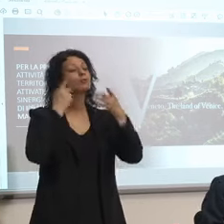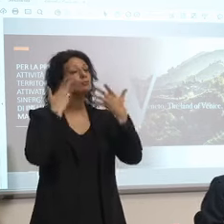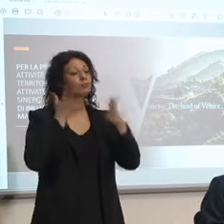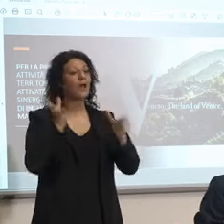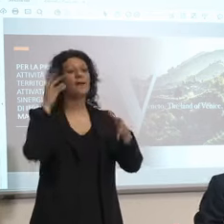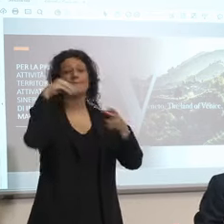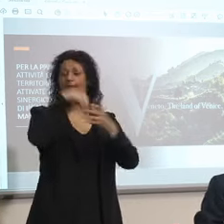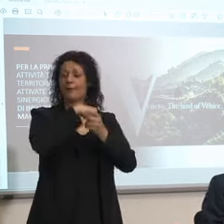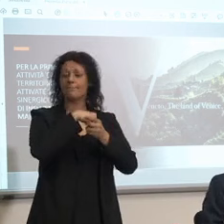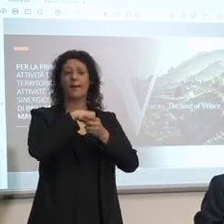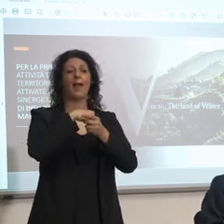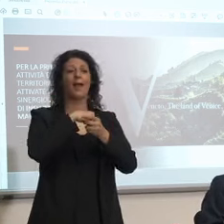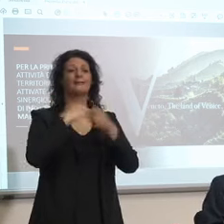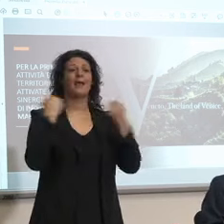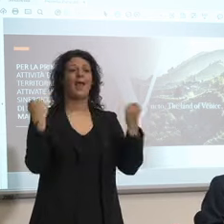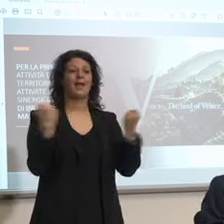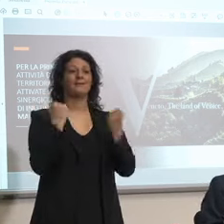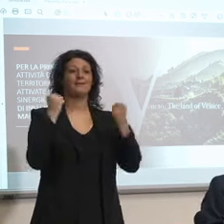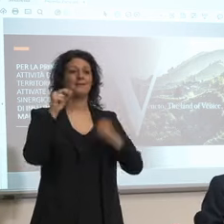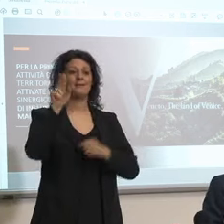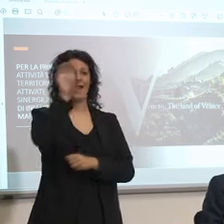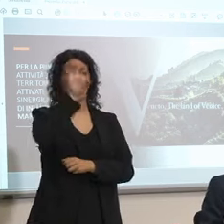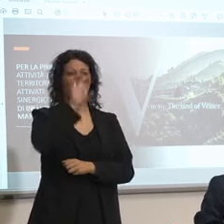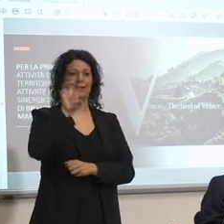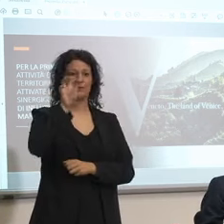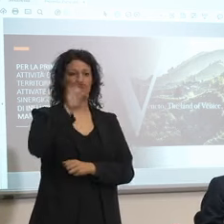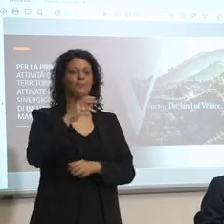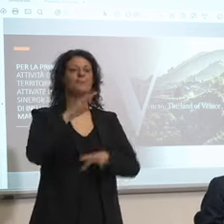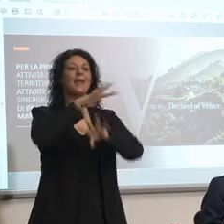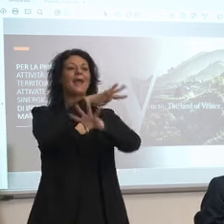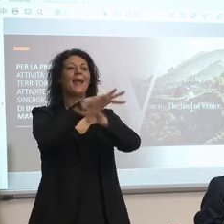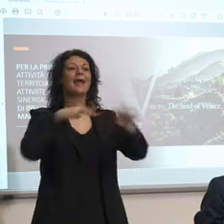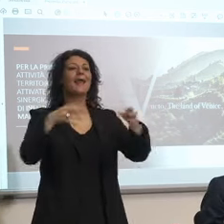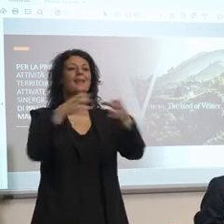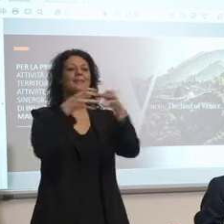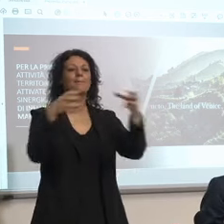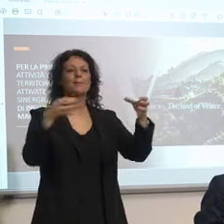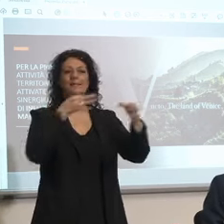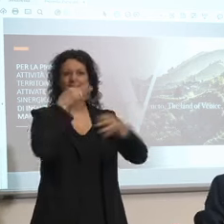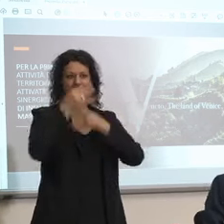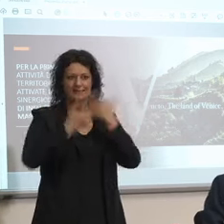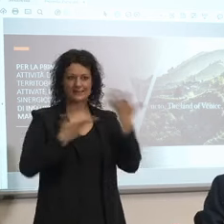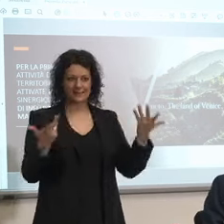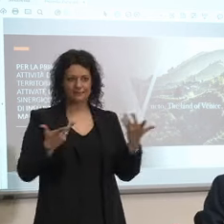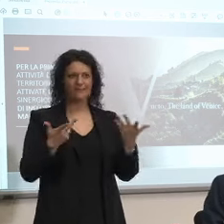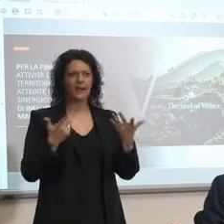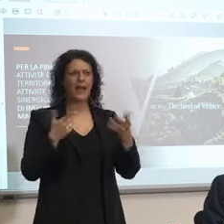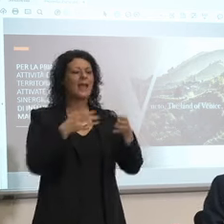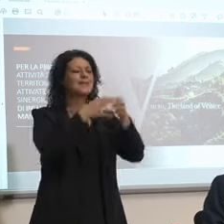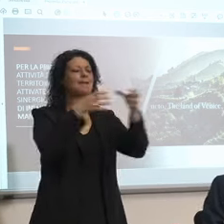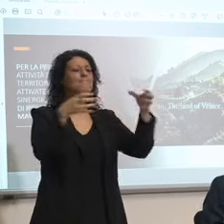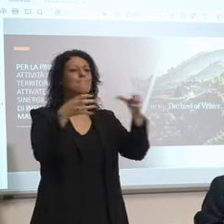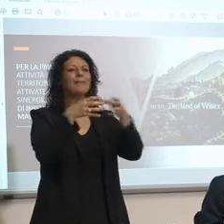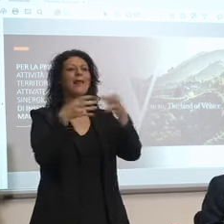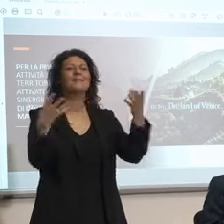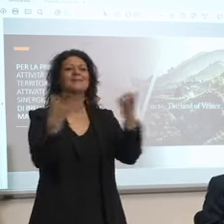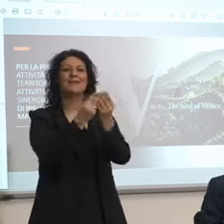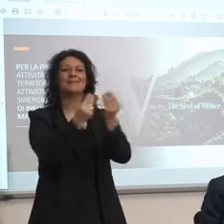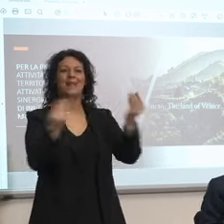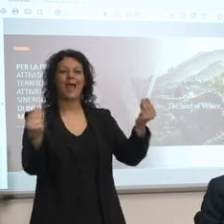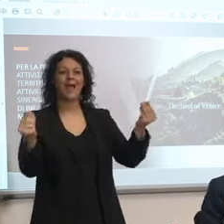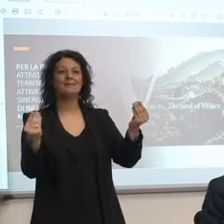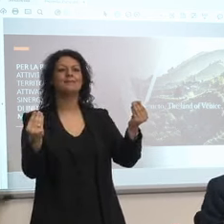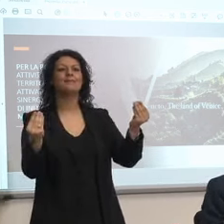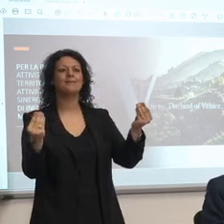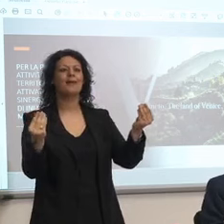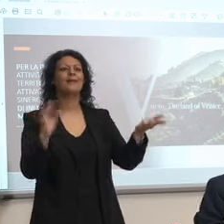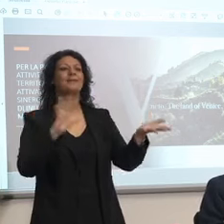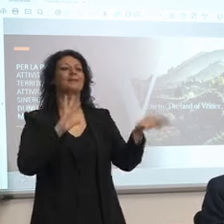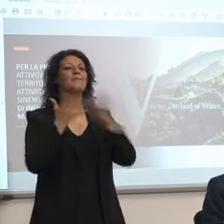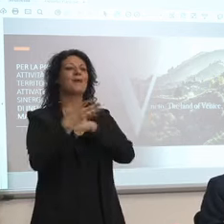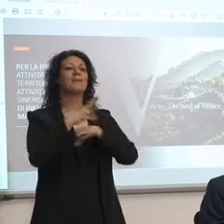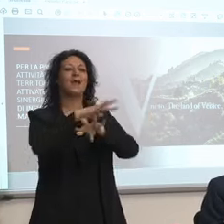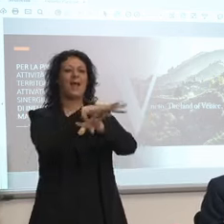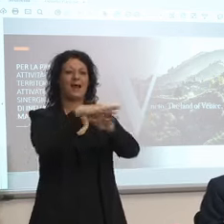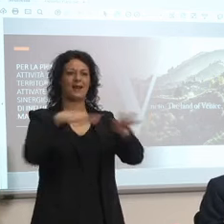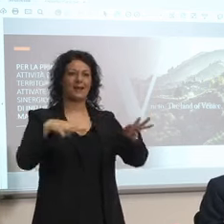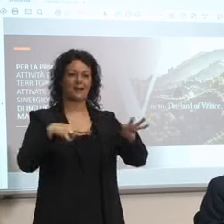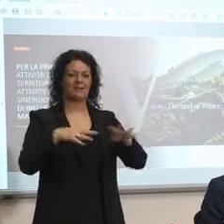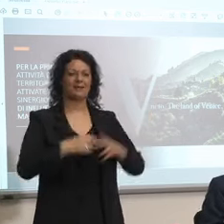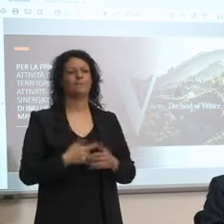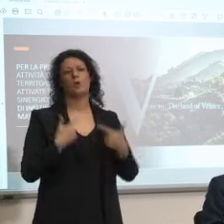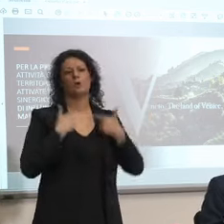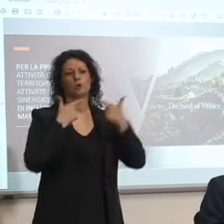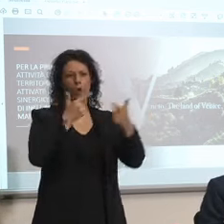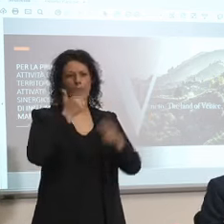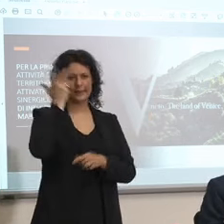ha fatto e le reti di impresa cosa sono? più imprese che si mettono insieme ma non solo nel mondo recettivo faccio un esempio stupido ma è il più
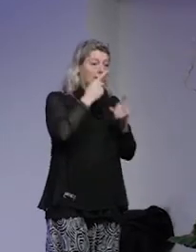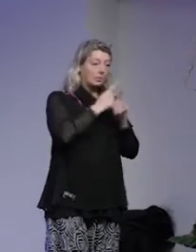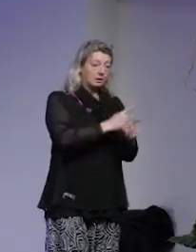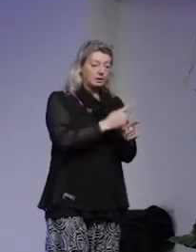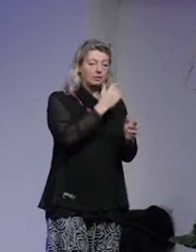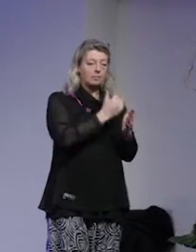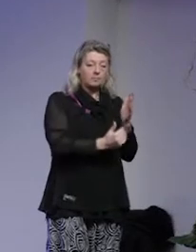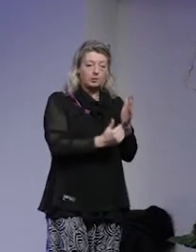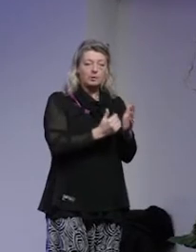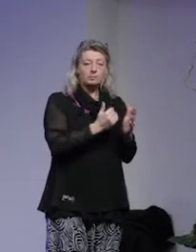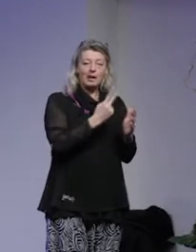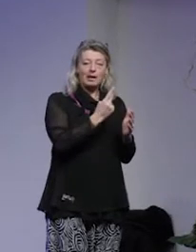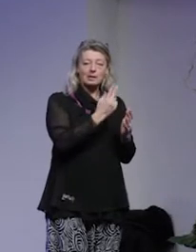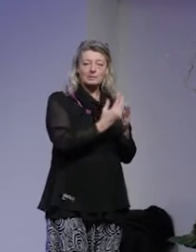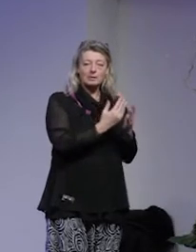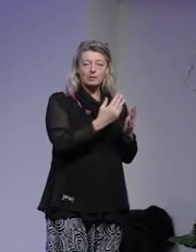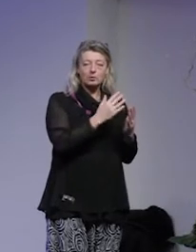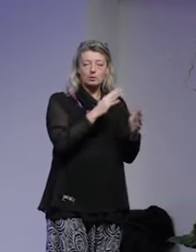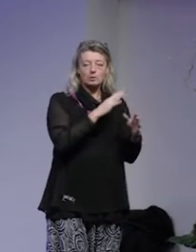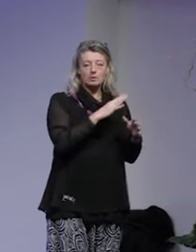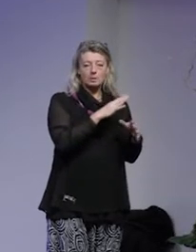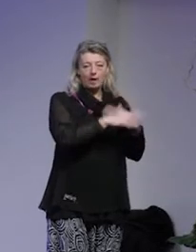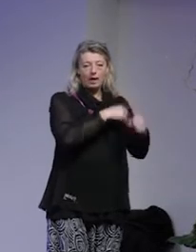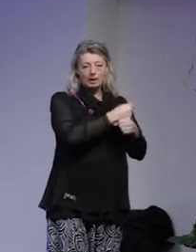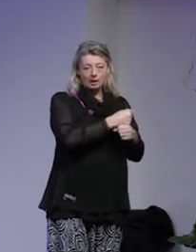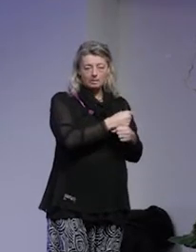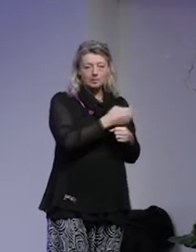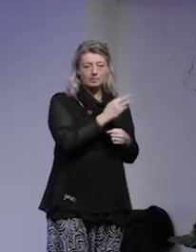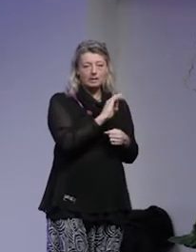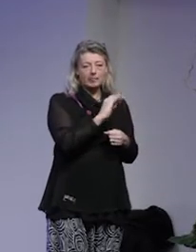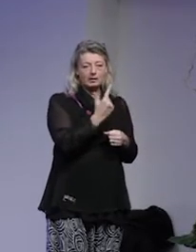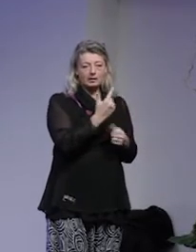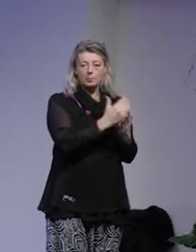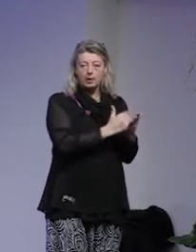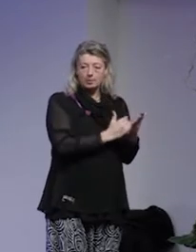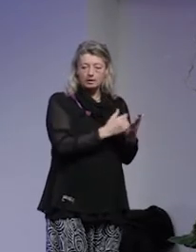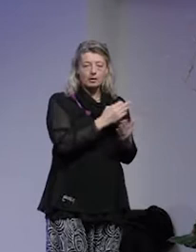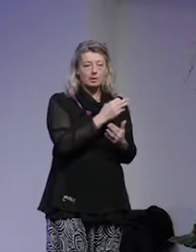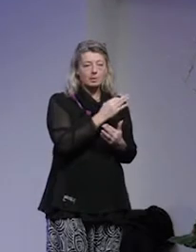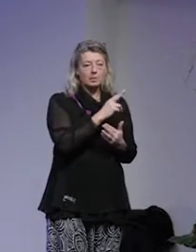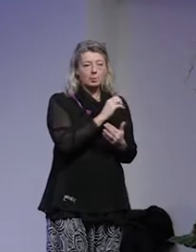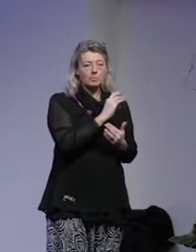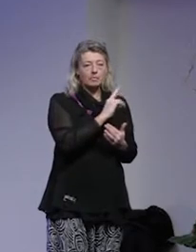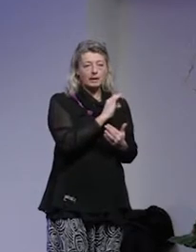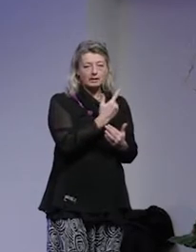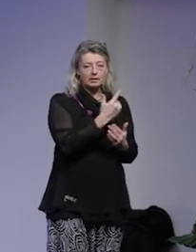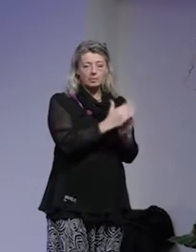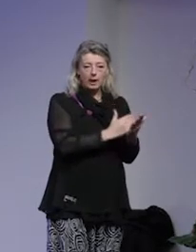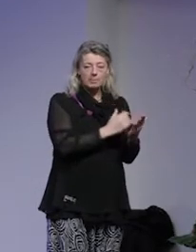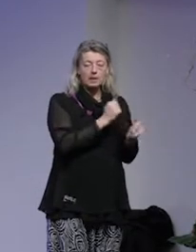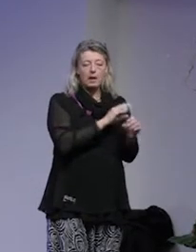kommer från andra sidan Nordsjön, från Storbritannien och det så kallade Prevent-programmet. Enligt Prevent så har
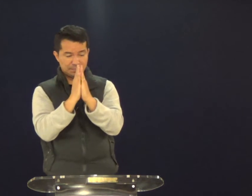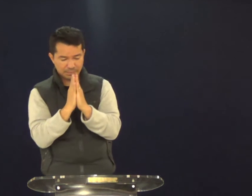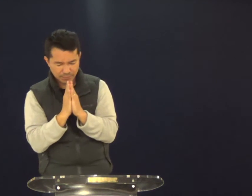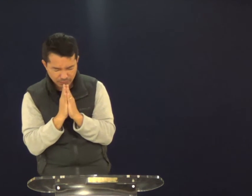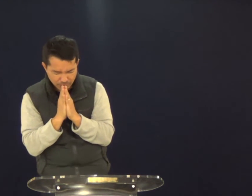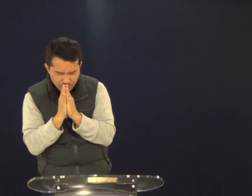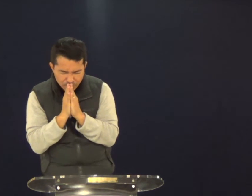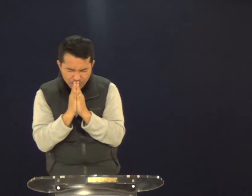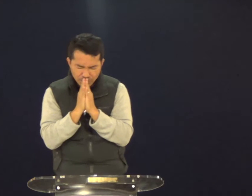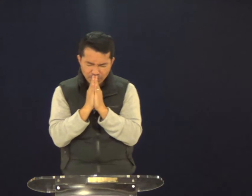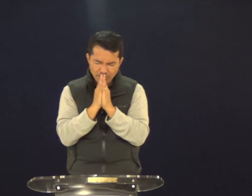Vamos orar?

- **AIM OF THE TASK**: Output all of the listing above, exactly as given, but without its pictures.

- **WRITTEN RESPONSE**:
ha fatto e le reti di impresa cosa sono? più imprese che si mettono insieme ma non solo nel mondo recettivo faccio un esempio stupido ma è il più
kommer från andra sidan Nordsjön, från Storbritannien och det så kallade Prevent-programmet. Enligt Prevent så har
Vamos orar?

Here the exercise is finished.